Tivozanib’s synergy with EGFR-targeted drugs, particularly in ovarian and colorectal carcinoma models, enhances cell growth inhibition and induces apoptosis more effectively than monotherapy. These findings are supported by published studies, which detail the mechanistic underpinnings and workflow strategies for exploiting this combination in high-throughput screens.

Comparative Performance and Selectivity

Compared to sunitinib, sorafenib, and pazopanib, Tivozanib’s picomolar VEGFR-2 potency and minimal c-KIT/PDGFRβ off-target engagement result in cleaner downstream readouts and reproducible anti-angiogenic effects. As noted in this comparative review, Tivozanib streamlines anti-angiogenic therapy workflows, reduces confounding variables in combination studies, and provides a gold-standard reference for dissecting VEGFR-dependent signaling.

Protocol Extensions and Workflow Complementarity

Protocols outlined in this scenario-driven guide complement Tivozanib-centric studies by addressing reproducibility in cell-based anti-angiogenic assays and offering troubleshooting for data variability. These resources, when combined with APExBIO’s validated supply of Tivozanib, empower labs to benchmark VEGFR inhibition and optimize anti-angiogenic strategies across diverse model systems.

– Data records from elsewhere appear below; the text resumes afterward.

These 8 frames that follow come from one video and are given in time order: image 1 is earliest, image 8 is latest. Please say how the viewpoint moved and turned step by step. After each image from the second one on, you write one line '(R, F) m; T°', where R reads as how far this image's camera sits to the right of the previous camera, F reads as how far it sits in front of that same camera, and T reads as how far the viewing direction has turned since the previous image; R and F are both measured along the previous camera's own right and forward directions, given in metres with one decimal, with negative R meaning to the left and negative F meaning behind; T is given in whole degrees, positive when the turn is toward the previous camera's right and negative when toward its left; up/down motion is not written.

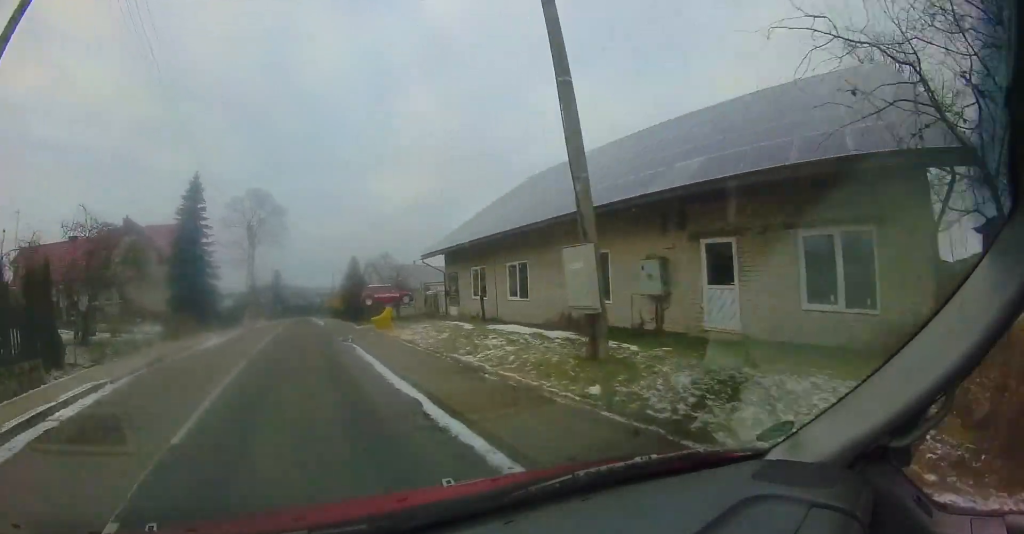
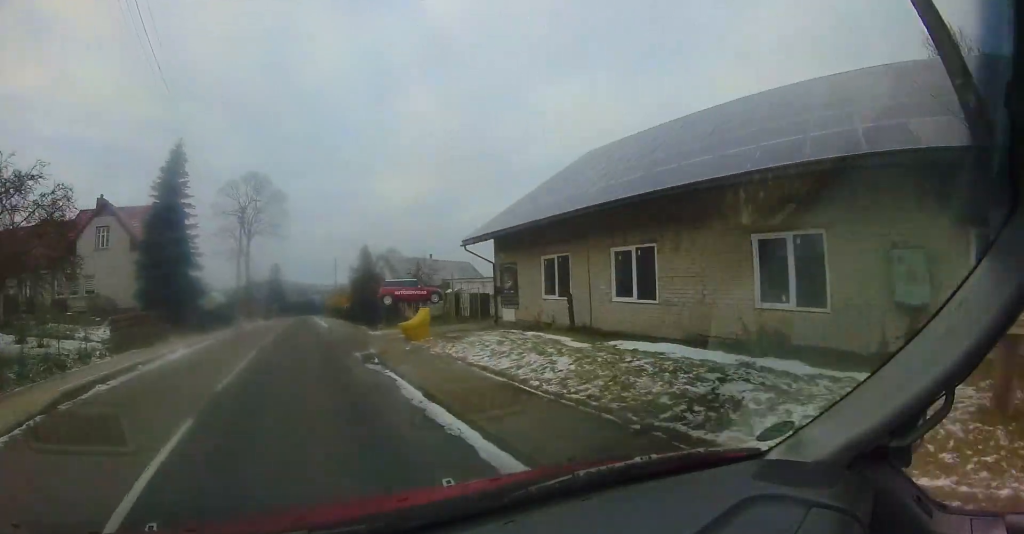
(0.0, +5.4) m; 0°
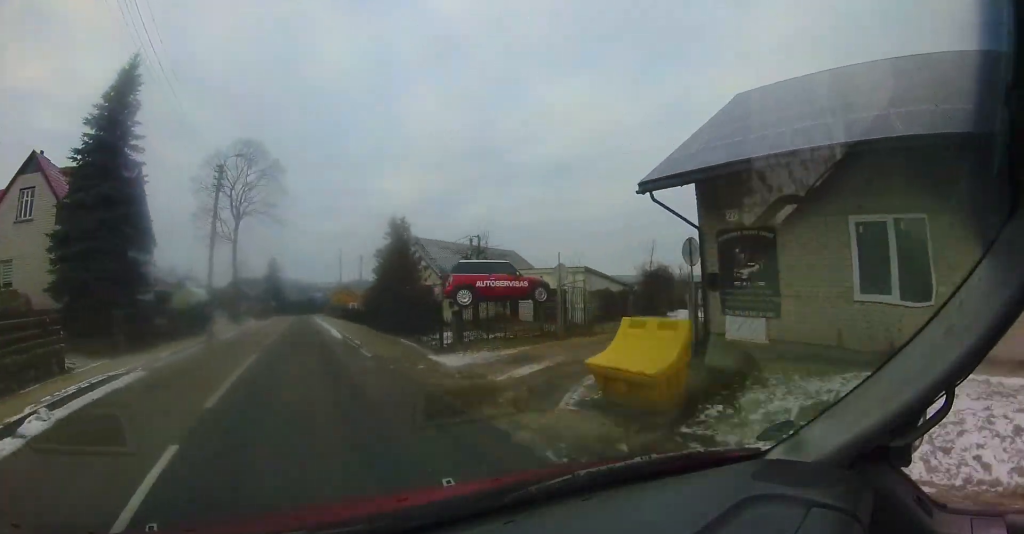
(0.0, +9.1) m; -1°
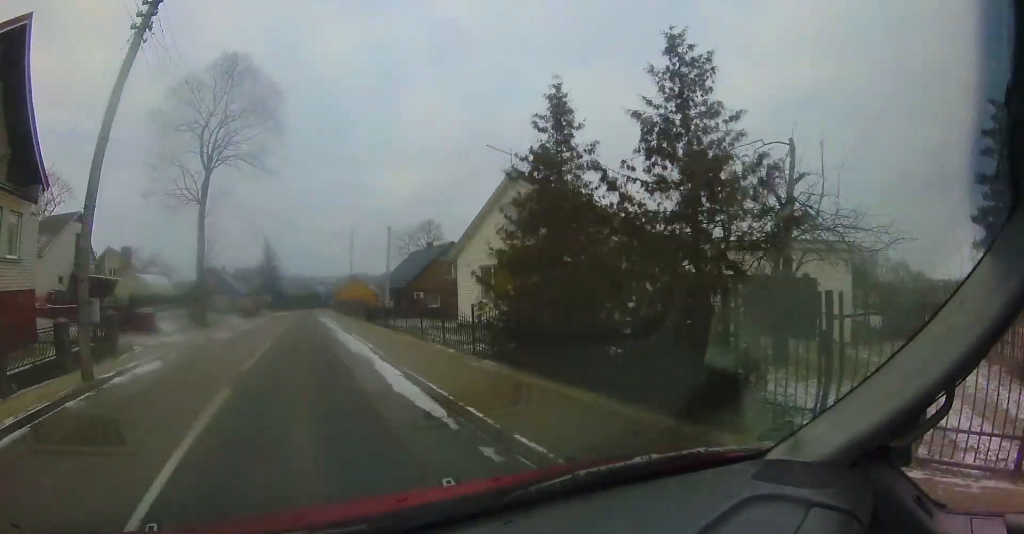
(-0.2, +12.8) m; -1°
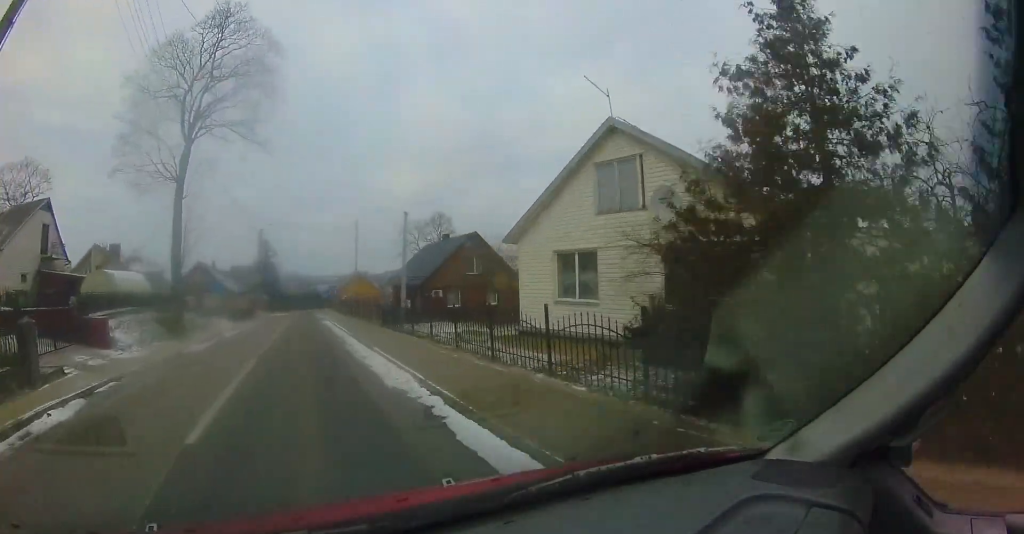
(-0.2, +4.7) m; 0°
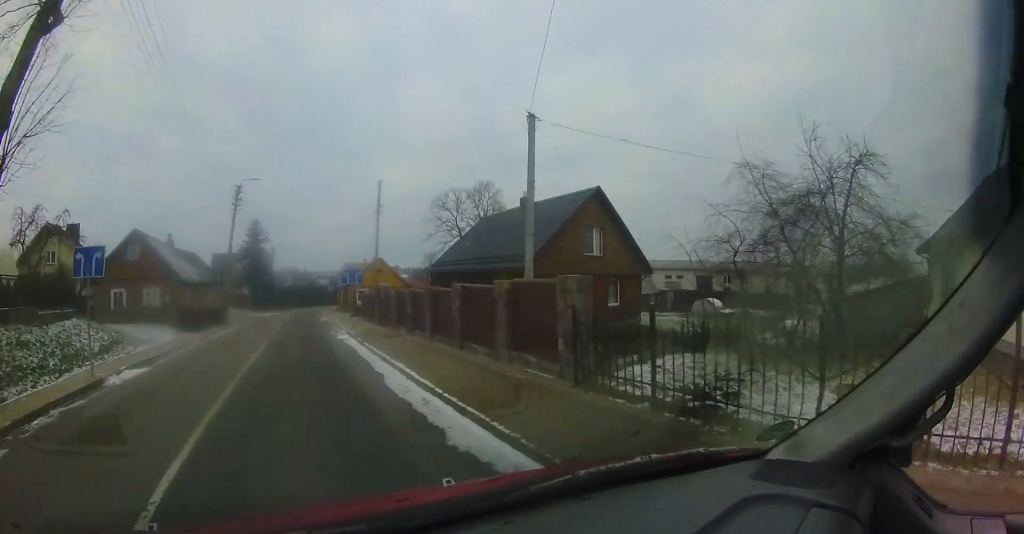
(+0.5, +13.5) m; +3°
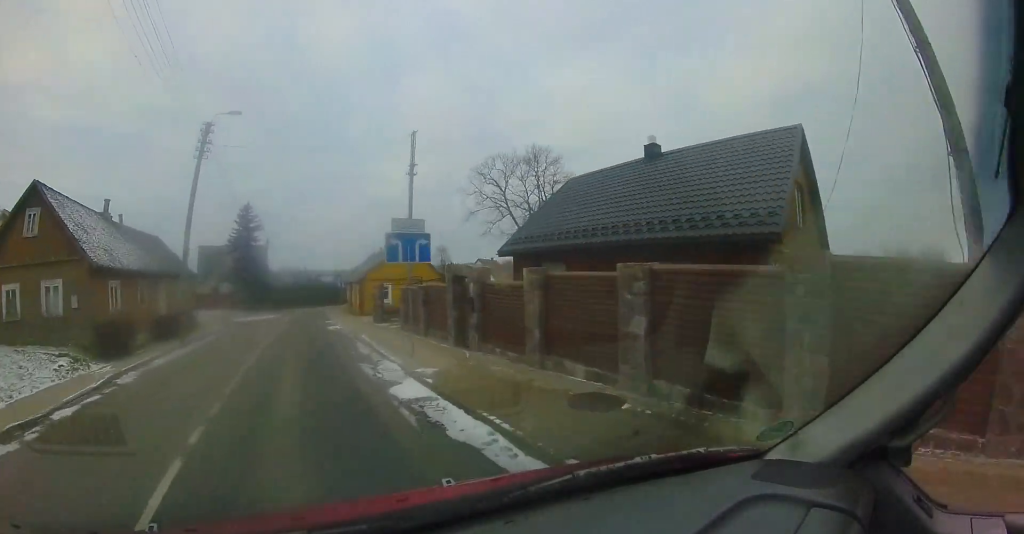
(0.0, +9.5) m; +3°
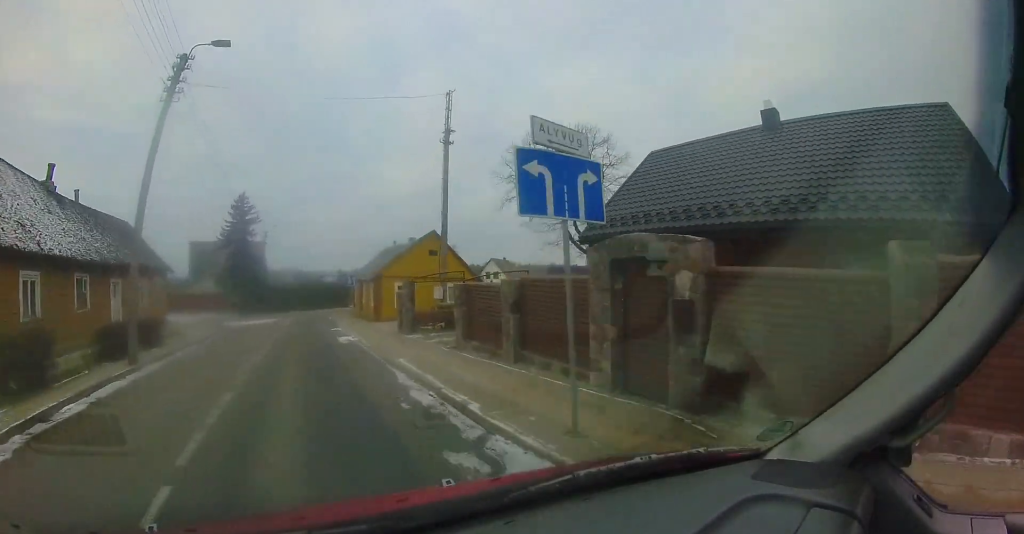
(+0.2, +5.2) m; +1°

Troubleshooting and Optimization Tips

• Solubility Issues: If Tivozanib precipitates, re-warm the stock solution gently and ensure complete dissolution in DMSO before dilution. Avoid direct addition to aqueous media without prior DMSO solubilization.
• Assay Interference: High DMSO concentrations (>0.5%) can confound viability and enzymatic assays. Keep DMSO at 0.1% final concentration wherever possible.
• Batch Consistency: Use authenticated lots from APExBIO to minimize batch-to-batch variability, especially for long-term studies or comparative screens.
• Data Interpretation: As highlighted in Schwartz's dissertation, distinguish between growth arrest and cell death using both relative and fractional viability metrics. This dual approach ensures accurate assessment of anti-angiogenic therapy effects and prevents overestimation of cytotoxicity.
• Combination Studies: When exploring combination therapy with EGFR inhibitors, use checkerboard titrations and appropriate synergy quantification algorithms to account for non-linear interactions.
• Pathway Specificity: Use phospho-specific antibodies or RT-qPCR for downstream VEGFR targets to confirm on-target activity, especially when cross-referencing with other pan-VEGFR inhibitors.

Future Outlook: Expanding the Role of Tivozanib in Cancer Research

Tivozanib’s unique combination of potency, selectivity, and safety profile positions it as a foundational tool for next-generation anti-angiogenic therapy research. Ongoing efforts to integrate high-content imaging, 3D spheroid models, and patient-derived organoids will further expand its utility in translational oncology. As discussed in emerging strategy analyses, Tivozanib is also being explored in immuno-oncology settings for its potential to modulate tumor microenvironment and enhance immune checkpoint blockade efficacy.

For researchers seeking a VEGFR inhibitor that combines data-backed efficacy with workflow reliability, Tivozanib (AV-951) from APExBIO stands out as a benchmark reagent. Its versatility in monotherapy and combination regimens, coupled with robust performance metrics, makes it an indispensable part of the modern oncology research toolkit.